* [Exercise inputs]:

· · · · · · ·

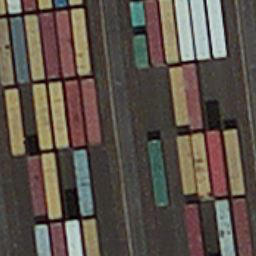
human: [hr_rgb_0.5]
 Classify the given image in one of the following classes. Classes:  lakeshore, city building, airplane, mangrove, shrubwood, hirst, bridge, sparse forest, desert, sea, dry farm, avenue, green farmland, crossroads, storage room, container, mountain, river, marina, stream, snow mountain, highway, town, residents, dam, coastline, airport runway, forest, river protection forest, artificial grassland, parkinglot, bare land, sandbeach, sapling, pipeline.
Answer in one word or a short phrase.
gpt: container
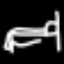
Label: bed
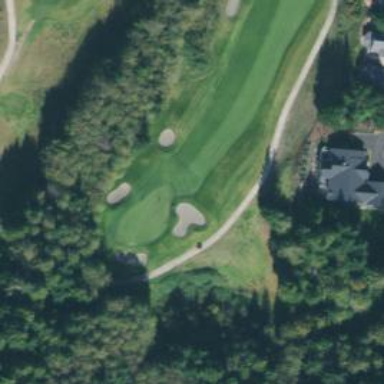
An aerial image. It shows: View of golf hole.
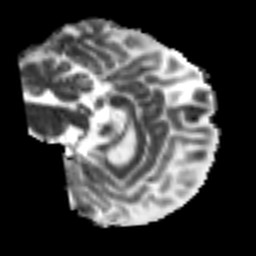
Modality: MD
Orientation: sagittal
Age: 49
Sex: male
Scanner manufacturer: siemens
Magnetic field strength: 3 T
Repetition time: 7.3 s
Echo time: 0.087 s
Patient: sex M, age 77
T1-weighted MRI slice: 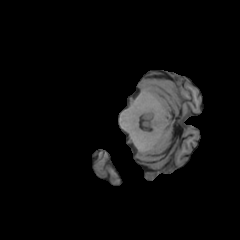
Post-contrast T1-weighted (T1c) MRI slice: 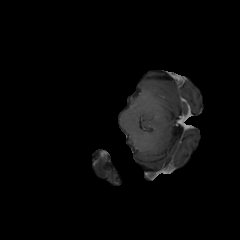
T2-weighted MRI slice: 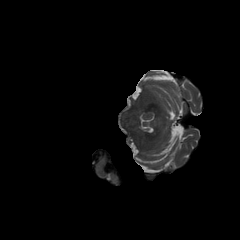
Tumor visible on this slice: no
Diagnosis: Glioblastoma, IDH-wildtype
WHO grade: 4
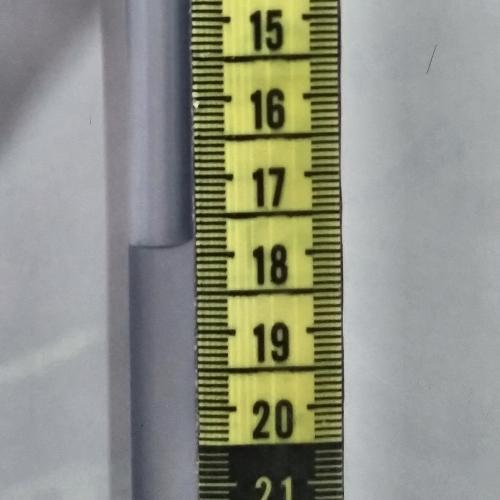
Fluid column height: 17.8 cm

· · · · · · ·

* [Task description]:
Give back every line of the listing where the word "image" shows up.

* [Answer below]:
 Classify the given image in one of the following classes. Classes:  lakeshore, city building, airplane, mangrove, shrubwood, hirst, bridge, sparse forest, desert, sea, dry farm, avenue, green farmland, crossroads, storage room, container, mountain, river, marina, stream, snow mountain, highway, town, residents, dam, coastline, airport runway, forest, river protection forest, artificial grassland, parkinglot, bare land, sandbeach, sapling, pipeline.
An aerial image. It shows: View of golf hole.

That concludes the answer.